# [WHAT THE TASK ASKS]
The copy must match the data below line for line and contain no images.
──────── RECORDS PROVIDED ────────
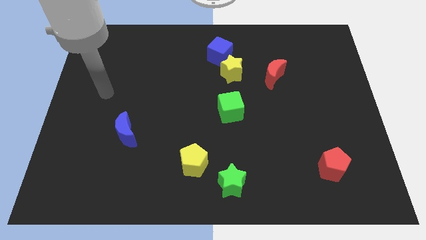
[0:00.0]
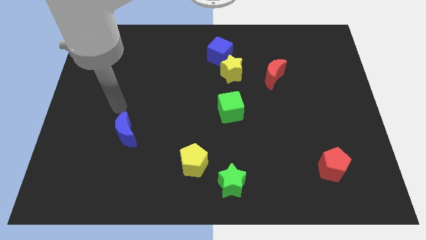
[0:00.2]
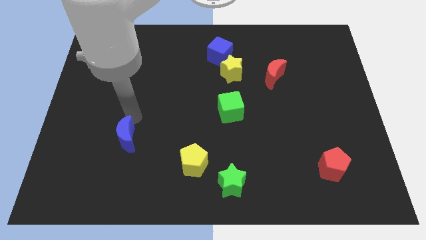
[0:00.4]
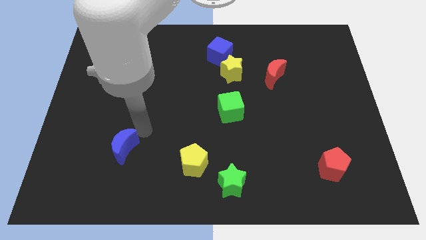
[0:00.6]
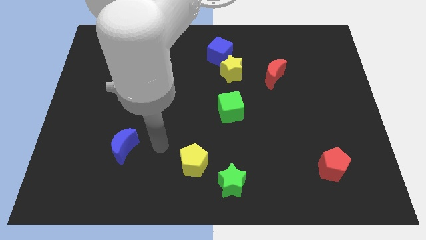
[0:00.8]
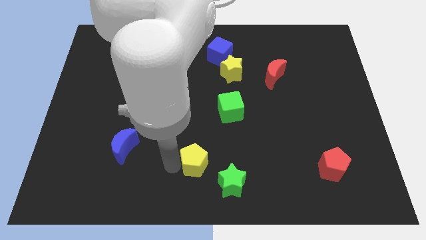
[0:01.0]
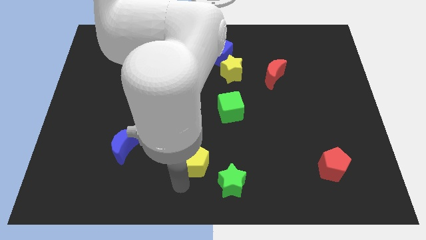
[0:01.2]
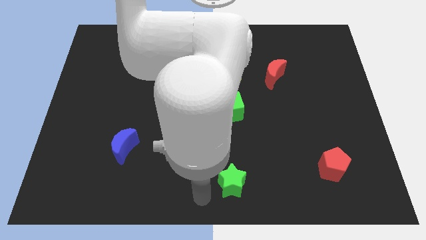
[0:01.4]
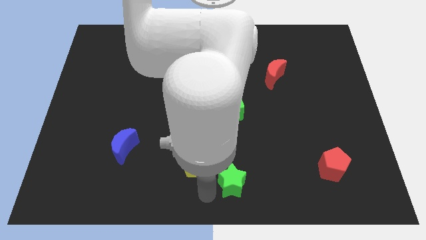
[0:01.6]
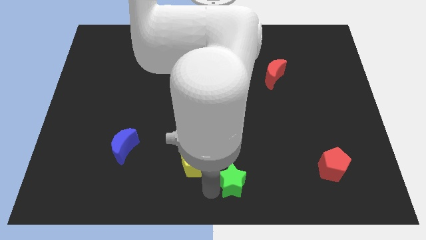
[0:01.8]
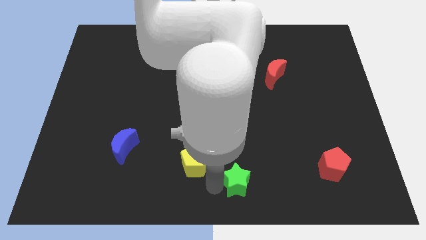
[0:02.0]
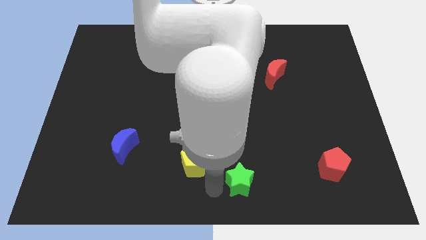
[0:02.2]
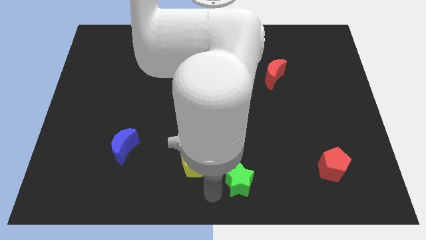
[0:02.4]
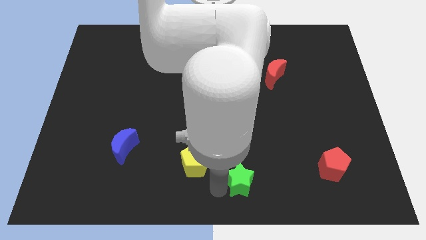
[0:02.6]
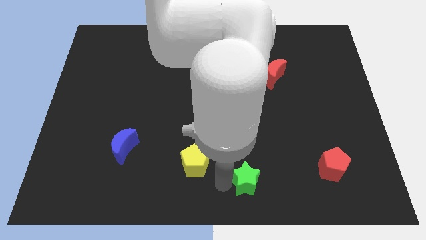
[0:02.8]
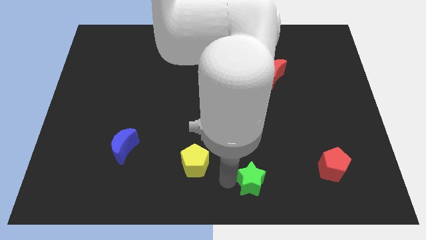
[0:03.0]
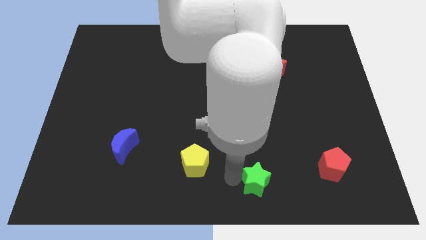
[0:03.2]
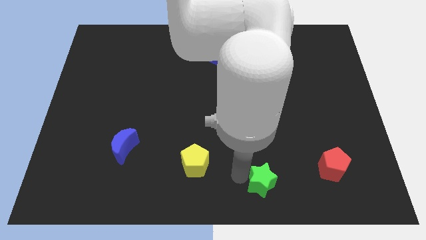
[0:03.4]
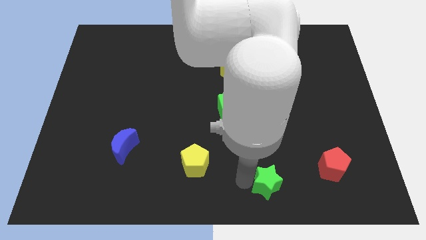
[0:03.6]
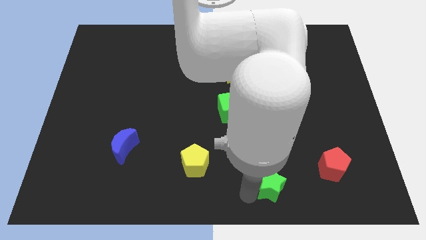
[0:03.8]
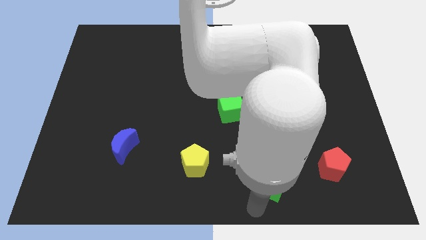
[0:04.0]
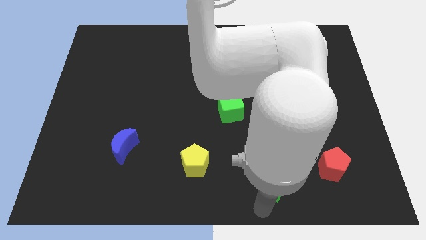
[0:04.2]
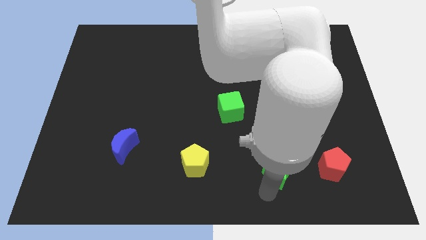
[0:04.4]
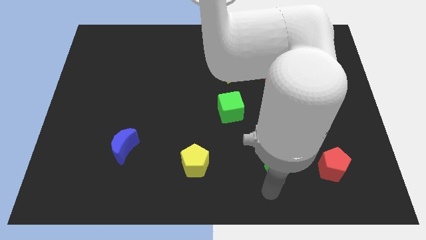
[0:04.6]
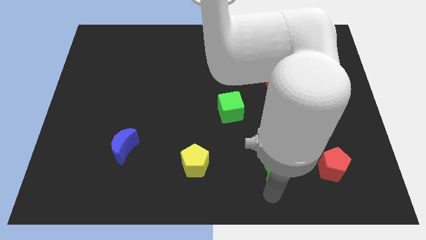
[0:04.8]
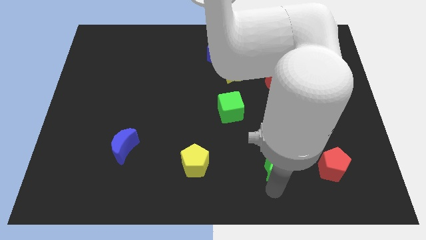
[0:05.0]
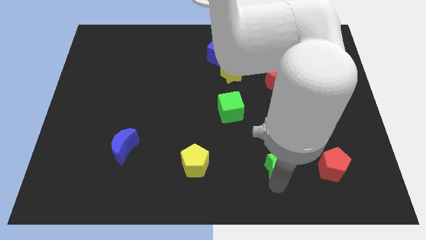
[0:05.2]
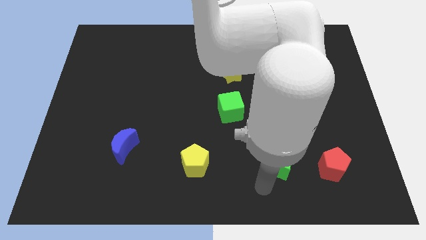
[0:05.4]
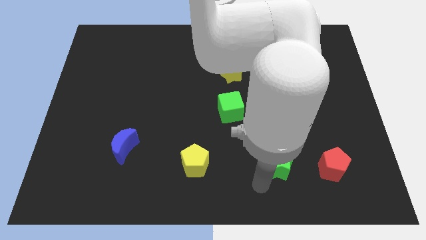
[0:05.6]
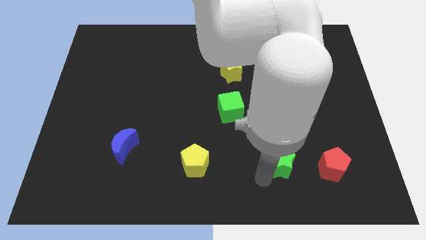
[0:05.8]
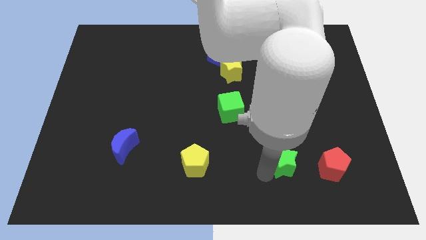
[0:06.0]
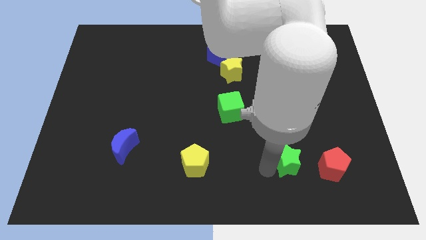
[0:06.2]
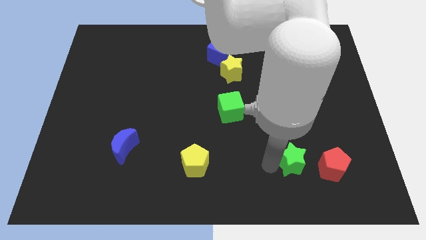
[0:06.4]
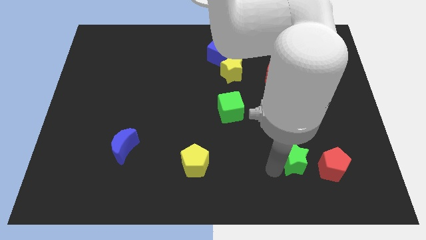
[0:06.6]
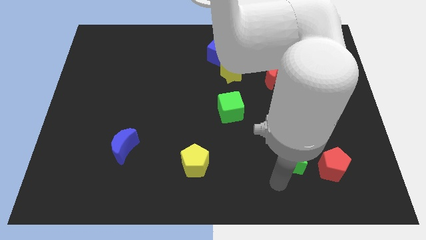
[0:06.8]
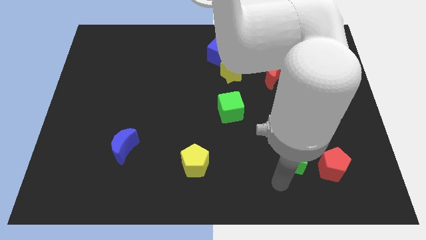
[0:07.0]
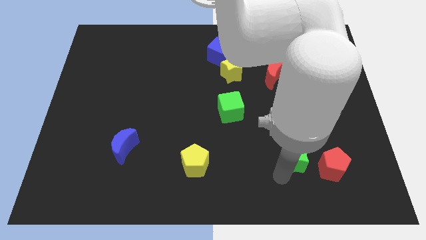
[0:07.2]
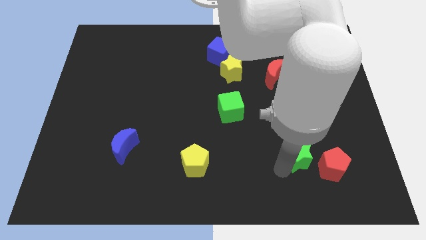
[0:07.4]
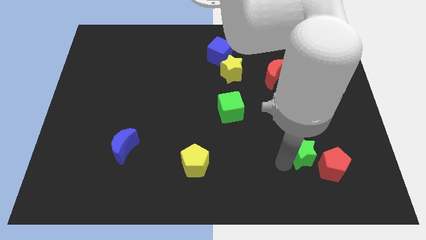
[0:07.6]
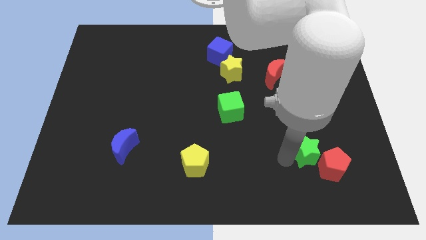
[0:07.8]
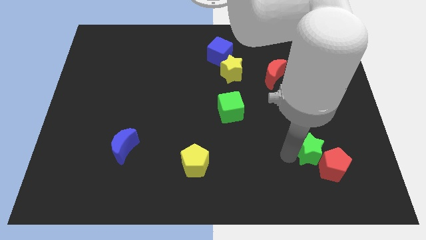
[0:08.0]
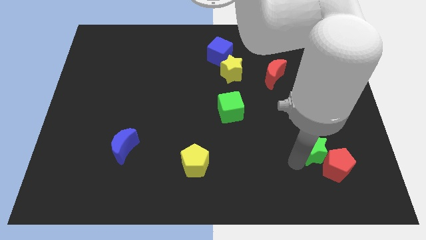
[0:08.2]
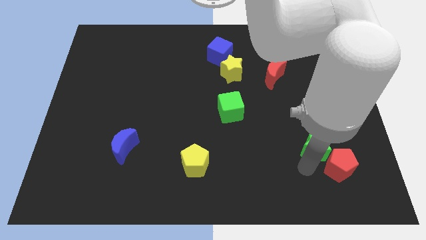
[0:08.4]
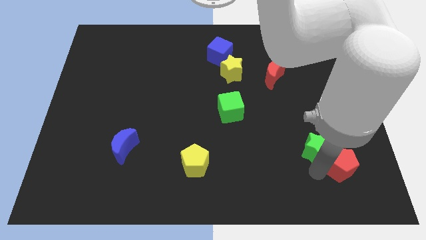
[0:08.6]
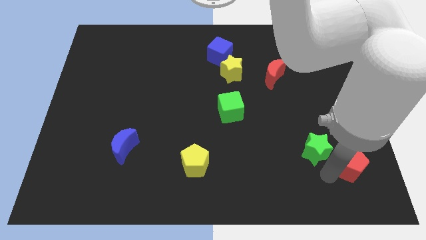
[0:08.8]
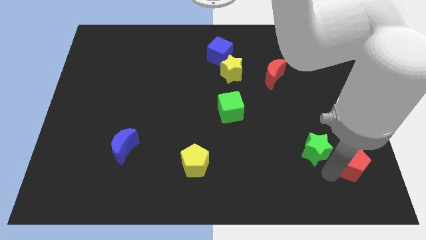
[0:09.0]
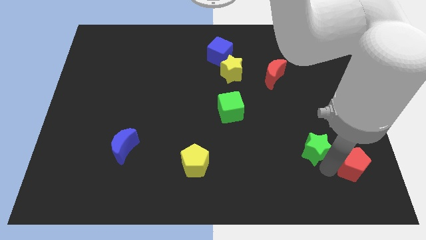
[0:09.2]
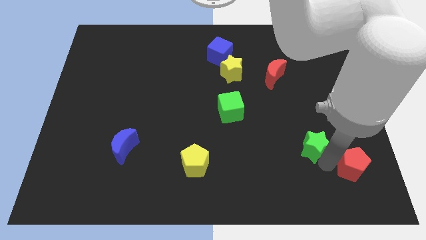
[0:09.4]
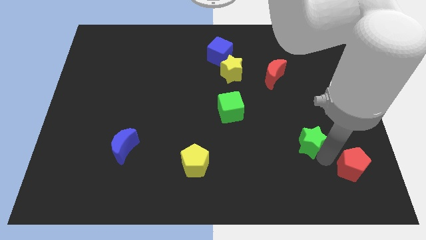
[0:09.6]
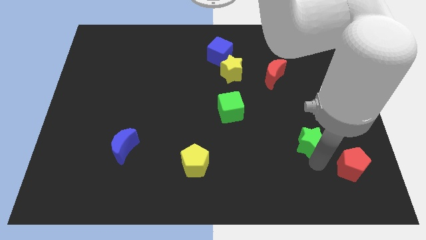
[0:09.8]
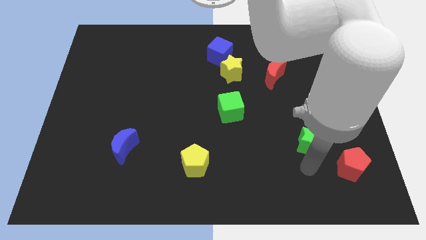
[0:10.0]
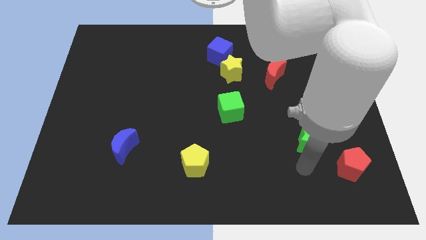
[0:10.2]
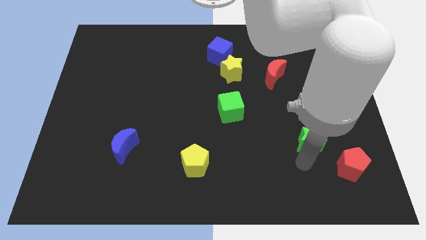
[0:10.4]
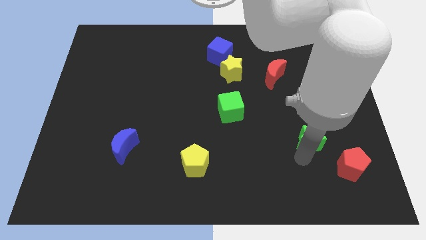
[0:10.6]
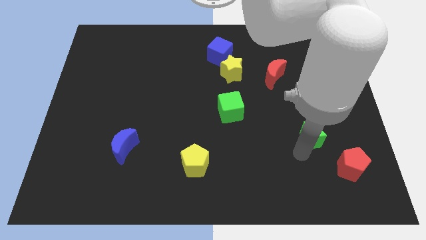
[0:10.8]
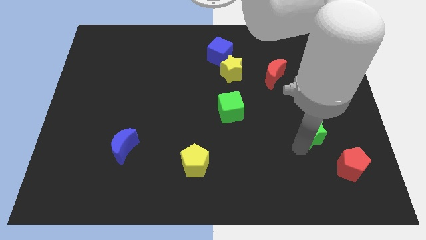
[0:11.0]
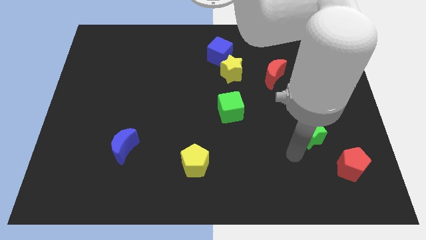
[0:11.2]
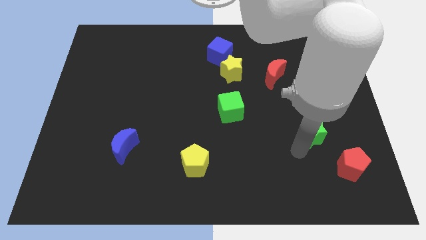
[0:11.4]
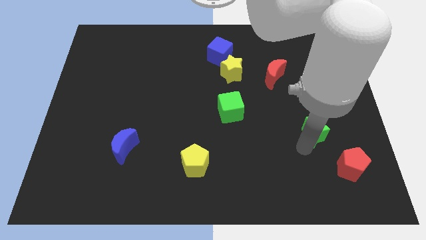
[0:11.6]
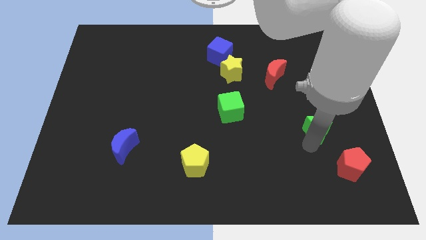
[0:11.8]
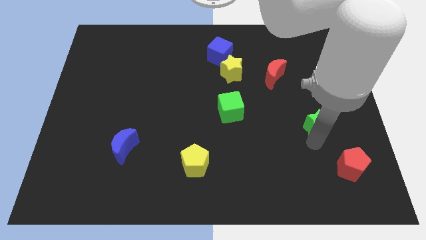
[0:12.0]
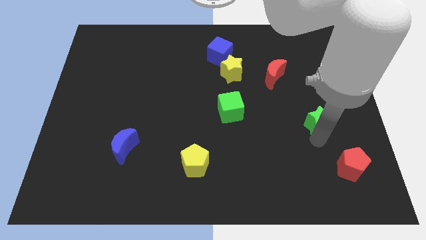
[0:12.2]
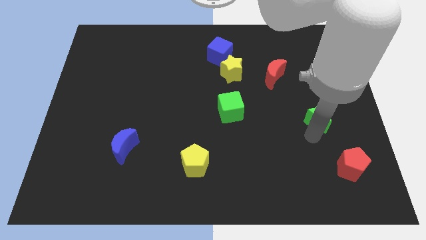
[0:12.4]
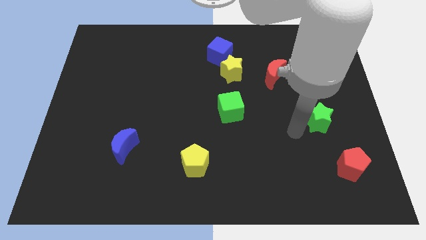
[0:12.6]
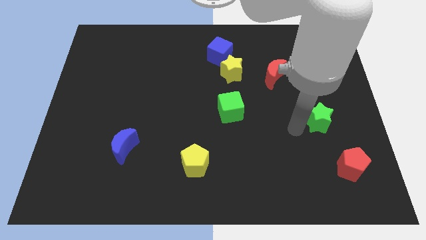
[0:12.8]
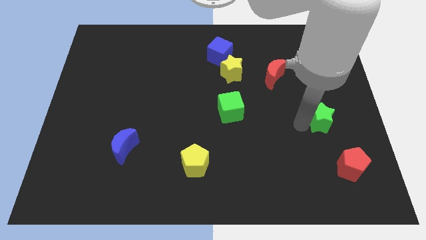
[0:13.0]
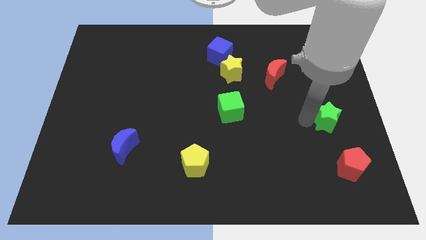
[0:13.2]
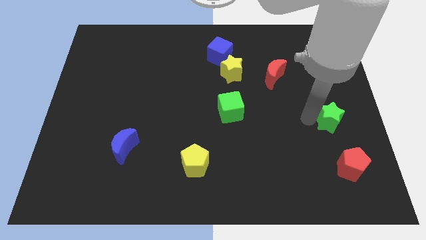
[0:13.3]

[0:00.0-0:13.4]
move the green star to the right side of the board
────────
# [ANSWER TO THIS PROBLEM]
[0:00.0]
[0:00.2]
[0:00.4]
[0:00.6]
[0:00.8]
[0:01.0]
[0:01.2]
[0:01.4]
[0:01.6]
[0:01.8]
[0:02.0]
[0:02.2]
[0:02.4]
[0:02.6]
[0:02.8]
[0:03.0]
[0:03.2]
[0:03.4]
[0:03.6]
[0:03.8]
[0:04.0]
[0:04.2]
[0:04.4]
[0:04.6]
[0:04.8]
[0:05.0]
[0:05.2]
[0:05.4]
[0:05.6]
[0:05.8]
[0:06.0]
[0:06.2]
[0:06.4]
[0:06.6]
[0:06.8]
[0:07.0]
[0:07.2]
[0:07.4]
[0:07.6]
[0:07.8]
[0:08.0]
[0:08.2]
[0:08.4]
[0:08.6]
[0:08.8]
[0:09.0]
[0:09.2]
[0:09.4]
[0:09.6]
[0:09.8]
[0:10.0]
[0:10.2]
[0:10.4]
[0:10.6]
[0:10.8]
[0:11.0]
[0:11.2]
[0:11.4]
[0:11.6]
[0:11.8]
[0:12.0]
[0:12.2]
[0:12.4]
[0:12.6]
[0:12.8]
[0:13.0]
[0:13.2]
[0:13.3]

[0:00.0-0:13.4]
move the green star to the right side of the board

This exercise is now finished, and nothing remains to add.